* ACTION ITEM *
All of the data, word for word and free of pictures, is the expected result.

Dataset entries
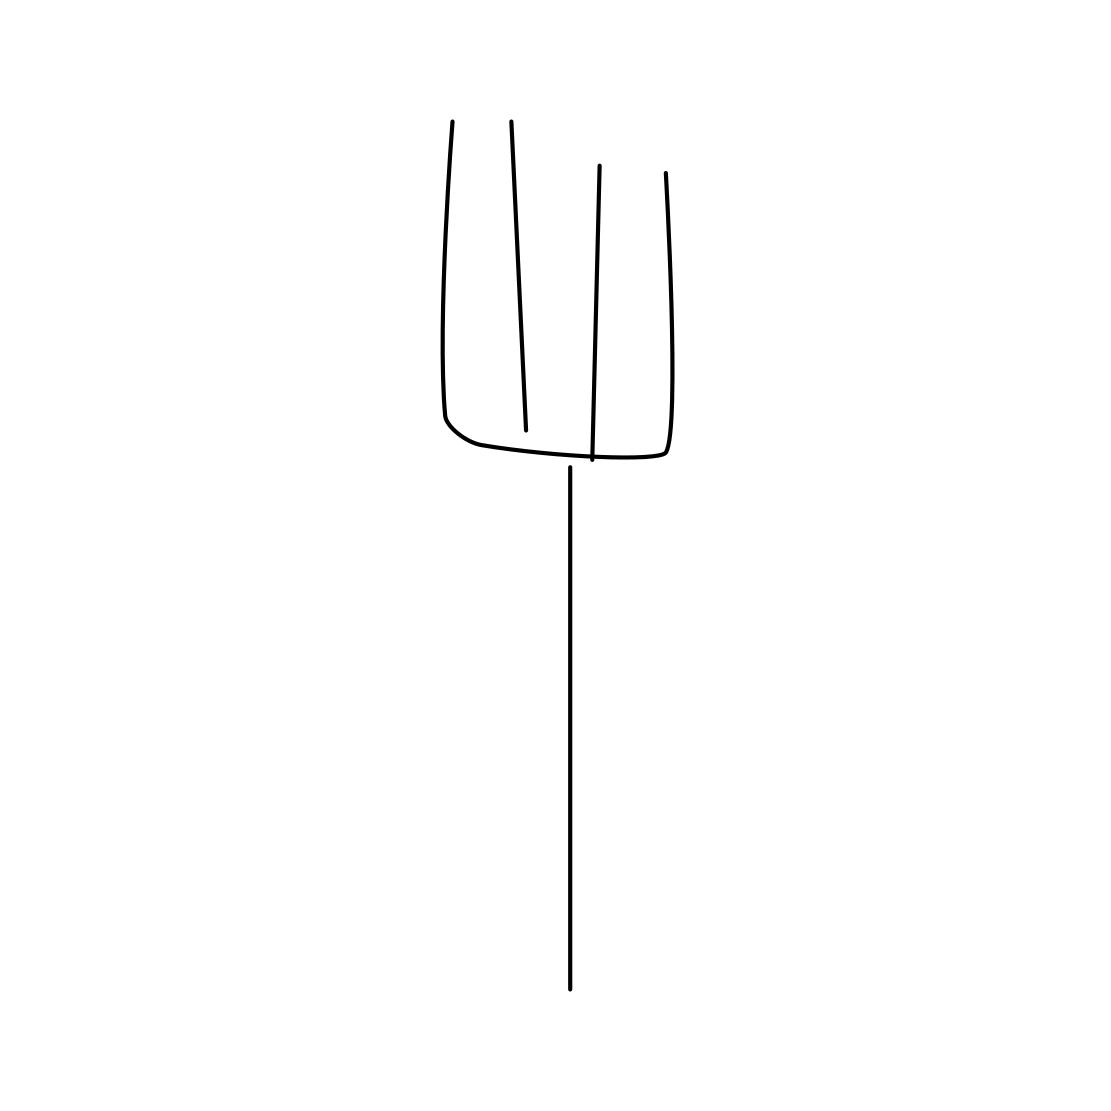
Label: fork
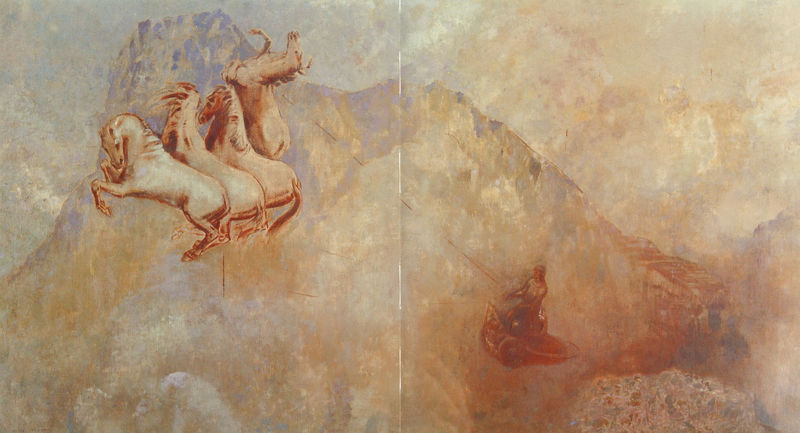
Titel: Apoll im vierspännigen Sonnenwagen
Künstler: Odilon Redon
Institution: Paris, Musée du Petit Palais
Schlagwörter: berg, blau, gemälde, himmel, mann, wolken, stadt, braun, orange, rot, fliegen, pferd, pferde, mähne, zügel, berge, gipfel, nebel, wagen, wild, vier, schimmel, streitwagen, rösser, sonnenwagen, quadriga, aufbäumen, pferdewagen, daidalos, dädalus, lenken, sich aufbäumen
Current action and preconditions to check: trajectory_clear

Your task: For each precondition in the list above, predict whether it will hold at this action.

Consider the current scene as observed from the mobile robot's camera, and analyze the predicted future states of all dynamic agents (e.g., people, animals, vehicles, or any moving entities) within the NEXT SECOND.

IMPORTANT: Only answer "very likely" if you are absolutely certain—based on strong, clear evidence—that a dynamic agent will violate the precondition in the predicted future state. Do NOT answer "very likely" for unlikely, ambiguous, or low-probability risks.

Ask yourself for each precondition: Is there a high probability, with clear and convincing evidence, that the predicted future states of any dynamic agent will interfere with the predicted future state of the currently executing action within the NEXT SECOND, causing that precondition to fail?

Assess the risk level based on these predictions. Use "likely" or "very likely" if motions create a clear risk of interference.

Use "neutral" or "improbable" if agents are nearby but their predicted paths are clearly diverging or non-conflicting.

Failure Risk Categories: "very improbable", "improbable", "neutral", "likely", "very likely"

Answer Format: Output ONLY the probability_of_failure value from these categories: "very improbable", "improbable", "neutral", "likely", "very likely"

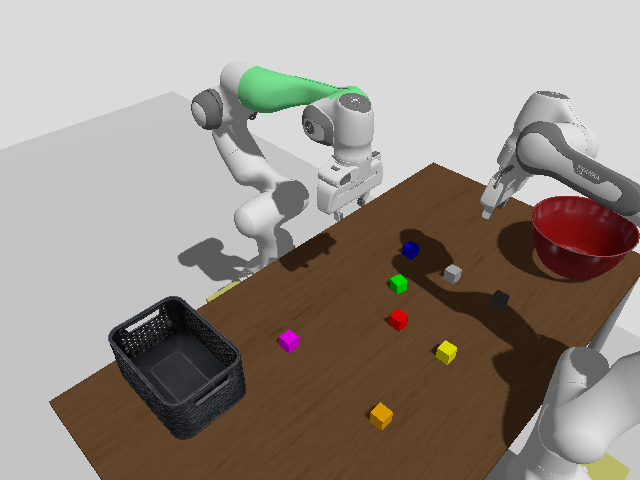

Answer: very improbable
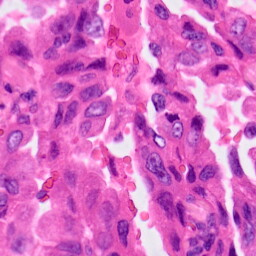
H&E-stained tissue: Lung
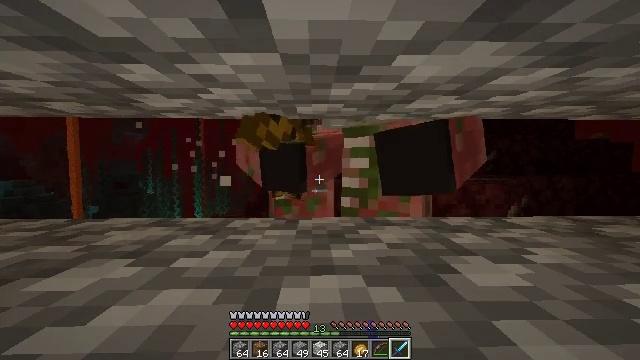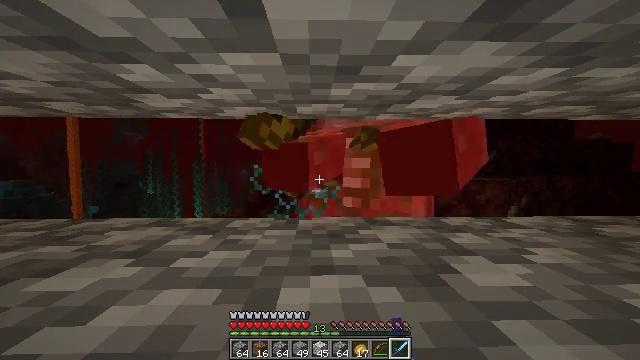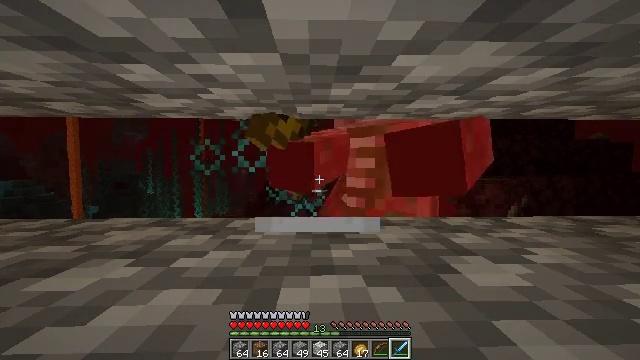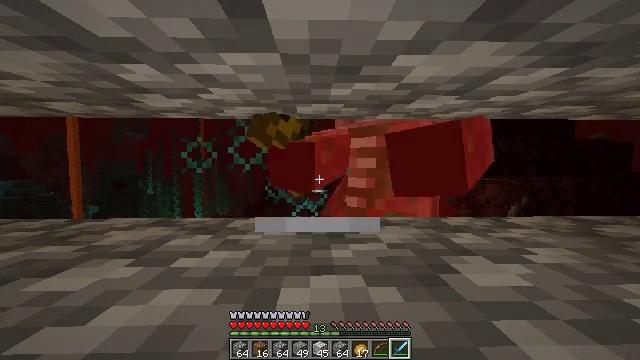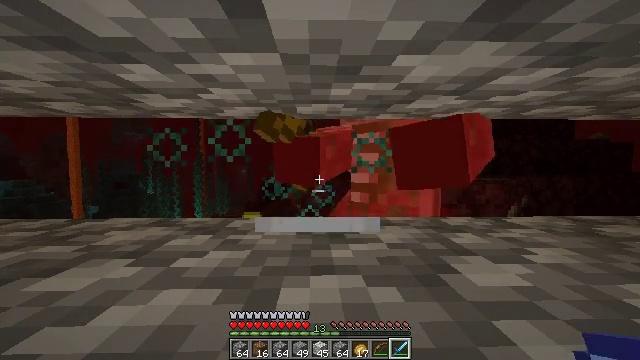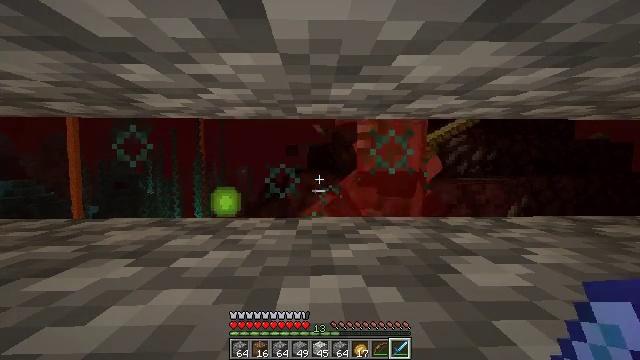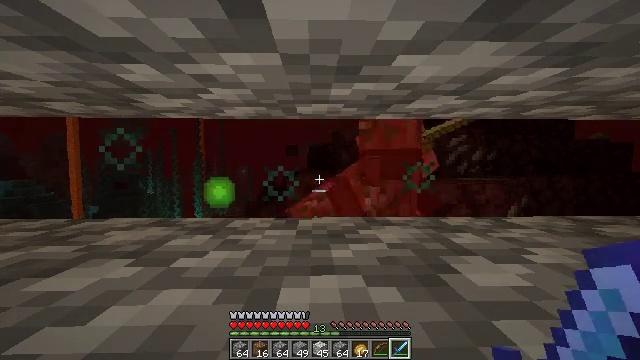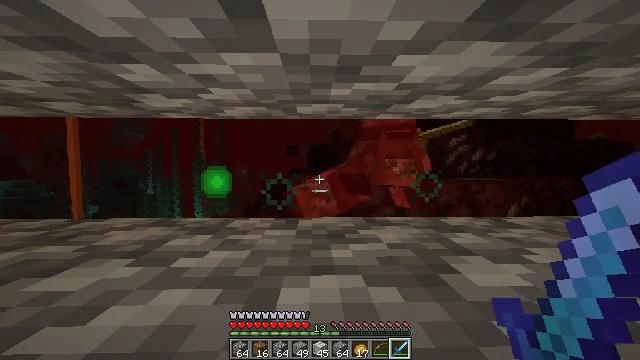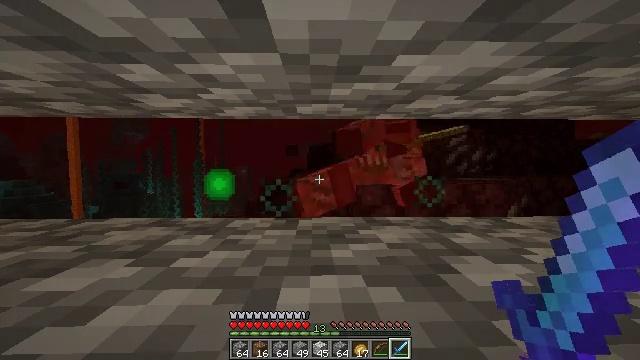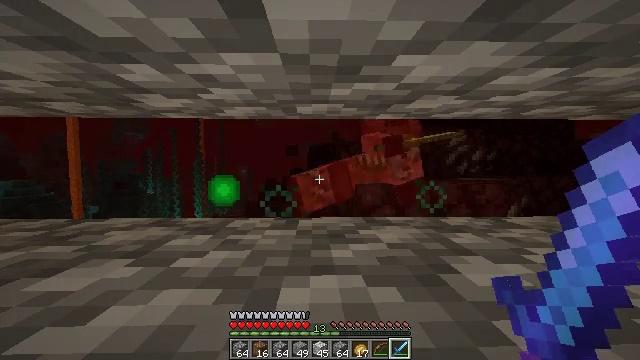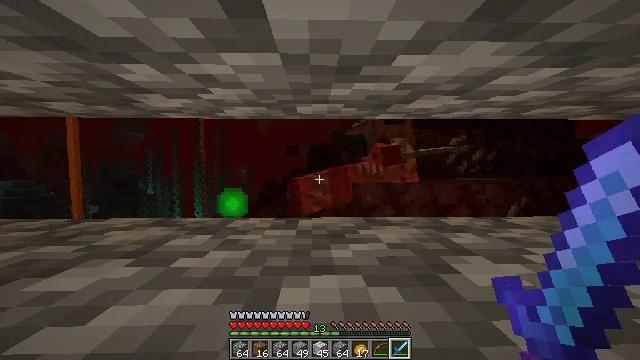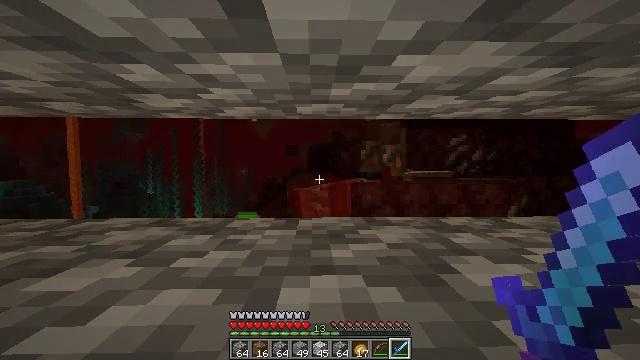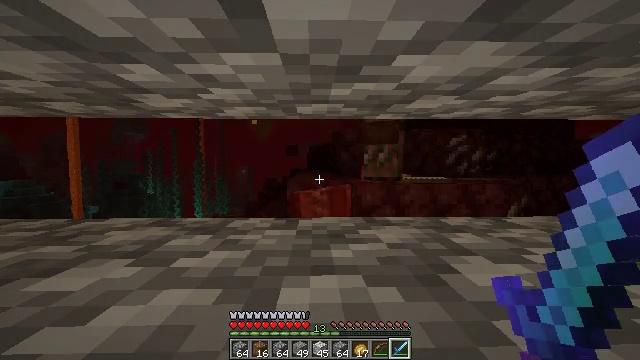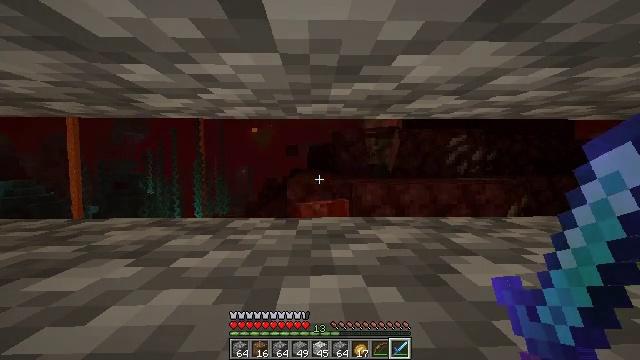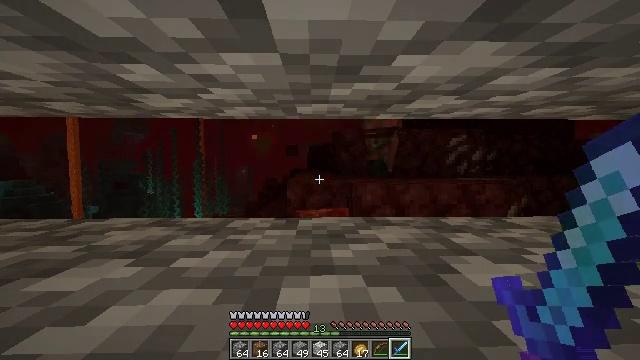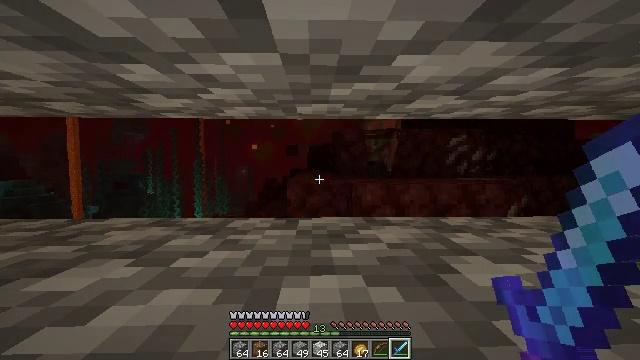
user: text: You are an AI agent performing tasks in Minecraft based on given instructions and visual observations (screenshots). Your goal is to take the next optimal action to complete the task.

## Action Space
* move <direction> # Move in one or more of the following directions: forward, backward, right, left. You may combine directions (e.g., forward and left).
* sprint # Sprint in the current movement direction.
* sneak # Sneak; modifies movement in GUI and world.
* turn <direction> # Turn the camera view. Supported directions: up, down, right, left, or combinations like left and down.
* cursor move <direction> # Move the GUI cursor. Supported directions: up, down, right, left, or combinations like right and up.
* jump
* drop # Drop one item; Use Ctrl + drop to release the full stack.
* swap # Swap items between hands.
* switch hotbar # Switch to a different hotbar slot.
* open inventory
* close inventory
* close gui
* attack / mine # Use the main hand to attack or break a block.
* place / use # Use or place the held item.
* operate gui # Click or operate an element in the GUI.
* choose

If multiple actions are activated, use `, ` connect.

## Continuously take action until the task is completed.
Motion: motion action
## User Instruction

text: Hunt the zombified piglin.
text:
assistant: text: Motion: no_op
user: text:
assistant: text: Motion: no_op
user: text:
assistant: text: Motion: no_op
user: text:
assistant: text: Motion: no_op
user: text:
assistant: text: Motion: no_op
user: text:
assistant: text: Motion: no_op
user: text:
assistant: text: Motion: no_op
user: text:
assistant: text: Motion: no_op
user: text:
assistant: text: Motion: no_op
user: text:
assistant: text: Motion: no_op
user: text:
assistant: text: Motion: no_op
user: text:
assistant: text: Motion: no_op
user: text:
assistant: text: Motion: no_op
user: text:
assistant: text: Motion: no_op
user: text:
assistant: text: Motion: no_op
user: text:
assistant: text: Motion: no_op
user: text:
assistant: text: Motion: no_op
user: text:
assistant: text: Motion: no_op
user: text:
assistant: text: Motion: no_op
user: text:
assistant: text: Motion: no_op
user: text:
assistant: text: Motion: no_op
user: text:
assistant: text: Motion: no_op
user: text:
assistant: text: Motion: no_op
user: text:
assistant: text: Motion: no_op
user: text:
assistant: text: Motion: no_op
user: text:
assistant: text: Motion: no_op
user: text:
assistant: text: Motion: no_op
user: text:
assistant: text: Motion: no_op
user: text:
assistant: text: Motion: no_op
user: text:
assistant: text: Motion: no_op
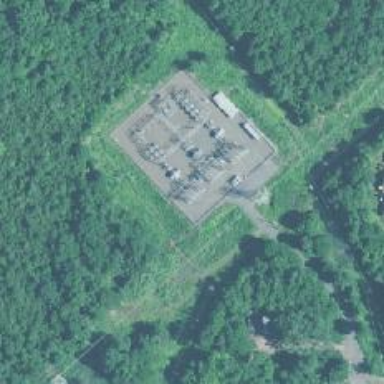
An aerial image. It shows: Switch used for power control.
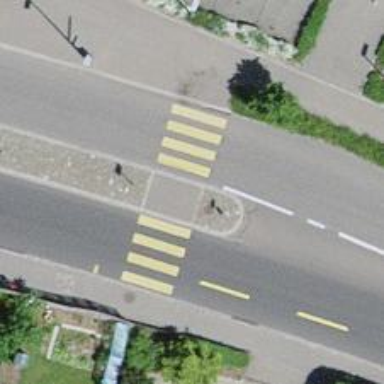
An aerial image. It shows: Marked pedestrian crossing with zebra designation and central island.
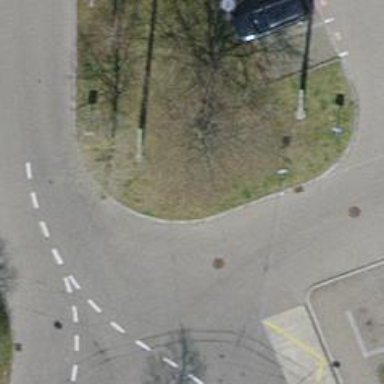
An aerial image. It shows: Urban tree adds touch of nature to the surroundings.
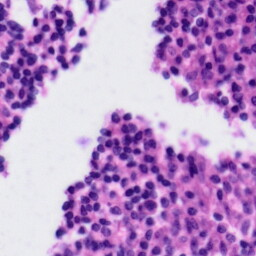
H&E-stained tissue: Tonsil
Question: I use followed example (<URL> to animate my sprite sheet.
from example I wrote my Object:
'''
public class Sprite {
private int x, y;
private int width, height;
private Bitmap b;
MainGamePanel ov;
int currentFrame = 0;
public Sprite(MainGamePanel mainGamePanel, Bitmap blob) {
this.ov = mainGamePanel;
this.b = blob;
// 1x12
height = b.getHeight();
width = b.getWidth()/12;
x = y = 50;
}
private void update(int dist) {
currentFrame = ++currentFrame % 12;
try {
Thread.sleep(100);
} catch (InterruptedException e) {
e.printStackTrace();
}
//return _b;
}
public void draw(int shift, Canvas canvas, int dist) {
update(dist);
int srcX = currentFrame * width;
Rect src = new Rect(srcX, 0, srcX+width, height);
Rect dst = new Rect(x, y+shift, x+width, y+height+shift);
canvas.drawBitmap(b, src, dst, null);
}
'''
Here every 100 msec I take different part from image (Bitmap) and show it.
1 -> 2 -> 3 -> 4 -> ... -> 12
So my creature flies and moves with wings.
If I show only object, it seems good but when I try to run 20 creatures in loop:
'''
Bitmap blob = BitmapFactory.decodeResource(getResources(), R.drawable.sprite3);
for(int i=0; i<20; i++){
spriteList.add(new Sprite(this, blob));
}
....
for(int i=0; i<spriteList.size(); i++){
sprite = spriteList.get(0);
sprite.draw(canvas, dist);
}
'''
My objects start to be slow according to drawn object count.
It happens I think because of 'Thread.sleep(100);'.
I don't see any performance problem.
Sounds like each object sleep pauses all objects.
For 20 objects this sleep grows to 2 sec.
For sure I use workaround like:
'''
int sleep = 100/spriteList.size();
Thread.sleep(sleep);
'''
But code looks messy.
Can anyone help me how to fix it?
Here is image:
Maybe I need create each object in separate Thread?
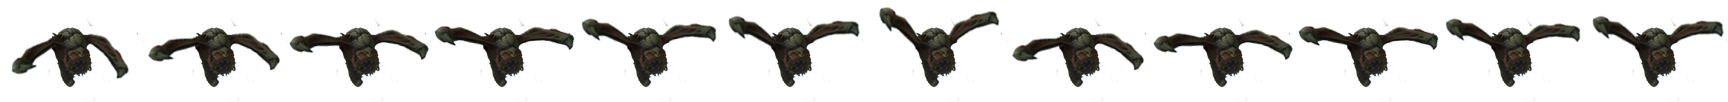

* TASK SOLUTION *
Label: fork
Titel: Apoll im vierspännigen Sonnenwagen
Künstler: Odilon Redon
Institution: Paris, Musée du Petit Palais
Schlagwörter: berg, blau, gemälde, himmel, mann, wolken, stadt, braun, orange, rot, fliegen, pferd, pferde, mähne, zügel, berge, gipfel, nebel, wagen, wild, vier, schimmel, streitwagen, rösser, sonnenwagen, quadriga, aufbäumen, pferdewagen, daidalos, dädalus, lenken, sich aufbäumen
Current action and preconditions to check: trajectory_clear

Your task: For each precondition in the list above, predict whether it will hold at this action.

Consider the current scene as observed from the mobile robot's camera, and analyze the predicted future states of all dynamic agents (e.g., people, animals, vehicles, or any moving entities) within the NEXT SECOND.

IMPORTANT: Only answer "very likely" if you are absolutely certain—based on strong, clear evidence—that a dynamic agent will violate the precondition in the predicted future state. Do NOT answer "very likely" for unlikely, ambiguous, or low-probability risks.

Ask yourself for each precondition: Is there a high probability, with clear and convincing evidence, that the predicted future states of any dynamic agent will interfere with the predicted future state of the currently executing action within the NEXT SECOND, causing that precondition to fail?

Assess the risk level based on these predictions. Use "likely" or "very likely" if motions create a clear risk of interference.

Use "neutral" or "improbable" if agents are nearby but their predicted paths are clearly diverging or non-conflicting.

Failure Risk Categories: "very improbable", "improbable", "neutral", "likely", "very likely"

Answer Format: Output ONLY the probability_of_failure value from these categories: "very improbable", "improbable", "neutral", "likely", "very likely"


Answer: very improbable
H&E-stained tissue: Lung
user: text: You are an AI agent performing tasks in Minecraft based on given instructions and visual observations (screenshots). Your goal is to take the next optimal action to complete the task.

## Action Space
* move <direction> # Move in one or more of the following directions: forward, backward, right, left. You may combine directions (e.g., forward and left).
* sprint # Sprint in the current movement direction.
* sneak # Sneak; modifies movement in GUI and world.
* turn <direction> # Turn the camera view. Supported directions: up, down, right, left, or combinations like left and down.
* cursor move <direction> # Move the GUI cursor. Supported directions: up, down, right, left, or combinations like right and up.
* jump
* drop # Drop one item; Use Ctrl + drop to release the full stack.
* swap # Swap items between hands.
* switch hotbar # Switch to a different hotbar slot.
* open inventory
* close inventory
* close gui
* attack / mine # Use the main hand to attack or break a block.
* place / use # Use or place the held item.
* operate gui # Click or operate an element in the GUI.
* choose

If multiple actions are activated, use `, ` connect.

## Continuously take action until the task is completed.
Motion: motion action
## User Instruction

text: Hunt the zombified piglin.
text:
assistant: text: Motion: no_op
user: text:
assistant: text: Motion: no_op
user: text:
assistant: text: Motion: no_op
user: text:
assistant: text: Motion: no_op
user: text:
assistant: text: Motion: no_op
user: text:
assistant: text: Motion: no_op
user: text:
assistant: text: Motion: no_op
user: text:
assistant: text: Motion: no_op
user: text:
assistant: text: Motion: no_op
user: text:
assistant: text: Motion: no_op
user: text:
assistant: text: Motion: no_op
user: text:
assistant: text: Motion: no_op
user: text:
assistant: text: Motion: no_op
user: text:
assistant: text: Motion: no_op
user: text:
assistant: text: Motion: no_op
user: text:
assistant: text: Motion: no_op
user: text:
assistant: text: Motion: no_op
user: text:
assistant: text: Motion: no_op
user: text:
assistant: text: Motion: no_op
user: text:
assistant: text: Motion: no_op
user: text:
assistant: text: Motion: no_op
user: text:
assistant: text: Motion: no_op
user: text:
assistant: text: Motion: no_op
user: text:
assistant: text: Motion: no_op
user: text:
assistant: text: Motion: no_op
user: text:
assistant: text: Motion: no_op
user: text:
assistant: text: Motion: no_op
user: text:
assistant: text: Motion: no_op
user: text:
assistant: text: Motion: no_op
user: text:
assistant: text: Motion: no_op
An aerial image. It shows: Switch used for power control.
An aerial image. It shows: Marked pedestrian crossing with zebra designation and central island.
An aerial image. It shows: Urban tree adds touch of nature to the surroundings.
H&E-stained tissue: Tonsil
Question: I use followed example (<URL> to animate my sprite sheet.
from example I wrote my Object:
'''
public class Sprite {
private int x, y;
private int width, height;
private Bitmap b;
MainGamePanel ov;
int currentFrame = 0;
public Sprite(MainGamePanel mainGamePanel, Bitmap blob) {
this.ov = mainGamePanel;
this.b = blob;
// 1x12
height = b.getHeight();
width = b.getWidth()/12;
x = y = 50;
}
private void update(int dist) {
currentFrame = ++currentFrame % 12;
try {
Thread.sleep(100);
} catch (InterruptedException e) {
e.printStackTrace();
}
//return _b;
}
public void draw(int shift, Canvas canvas, int dist) {
update(dist);
int srcX = currentFrame * width;
Rect src = new Rect(srcX, 0, srcX+width, height);
Rect dst = new Rect(x, y+shift, x+width, y+height+shift);
canvas.drawBitmap(b, src, dst, null);
}
'''
Here every 100 msec I take different part from image (Bitmap) and show it.
1 -> 2 -> 3 -> 4 -> ... -> 12
So my creature flies and moves with wings.
If I show only object, it seems good but when I try to run 20 creatures in loop:
'''
Bitmap blob = BitmapFactory.decodeResource(getResources(), R.drawable.sprite3);
for(int i=0; i<20; i++){
spriteList.add(new Sprite(this, blob));
}
....
for(int i=0; i<spriteList.size(); i++){
sprite = spriteList.get(0);
sprite.draw(canvas, dist);
}
'''
My objects start to be slow according to drawn object count.
It happens I think because of 'Thread.sleep(100);'.
I don't see any performance problem.
Sounds like each object sleep pauses all objects.
For 20 objects this sleep grows to 2 sec.
For sure I use workaround like:
'''
int sleep = 100/spriteList.size();
Thread.sleep(sleep);
'''
But code looks messy.
Can anyone help me how to fix it?
Here is image:
Maybe I need create each object in separate Thread?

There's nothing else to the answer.